A titre d'exemple, un emploi suisse sur trois est dépendant du commerce avec l'Union européenne . En 2009, plus de 60 % des exportations suisses de marchandises étaient destinés à l'Union européenne. La même année, près de quatre cinquièmes des importations de la Suisse provenaient de l'Union européenne.

Entre 2005 et 2008, le nombre de prestataires de services transfrontaliers européens actifs en Suisse a augmenté de 16 % par an en moyenne. En 2008, la balance commerciale de l'Union européenne vis-à-vis de la Suisse dans le domaine de services a présenté un excédent de 19,7 milliards d'euros.
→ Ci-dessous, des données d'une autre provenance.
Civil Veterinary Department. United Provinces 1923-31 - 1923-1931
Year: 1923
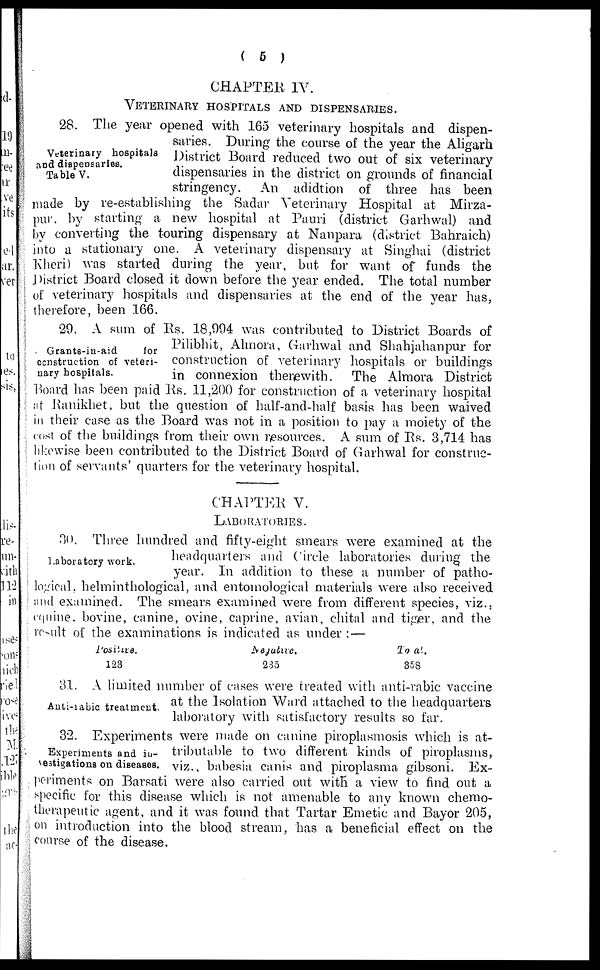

De plus, la signature de l'accord bilatéral sur la libre circulation a entraîné une nouvelle immigration de ressortissants des États membres de l'Union européenne en Suisse qui a contribué au dynamisme de l'économie nationale .

En 2009, pas moins de 1,03 million de ressortissants de l'Union européenne vivaient en Suisse (auxquels s'ajoutent plus de 214.000 frontaliers, dont 112.000 Français).

Et ces nouveaux arrivants (qui représentent 70 % de l'immigration actuelle en Suisse), principalement originaires de France, d'Allemagne, d'Italie ou du Portugal, ont pour la plupart un niveau élevé de qualification et occupent des emplois qualifiés que ne pouvait pourvoir le marché local du travail.

A contrario, les difficultés économiques actuelles de l'Union européenne, premier partenaire économique de la Suisse menacent l'essor de l'économie nationale , en particulier en provoquant une forte appréciation du franc suisse par rapport à l'euro.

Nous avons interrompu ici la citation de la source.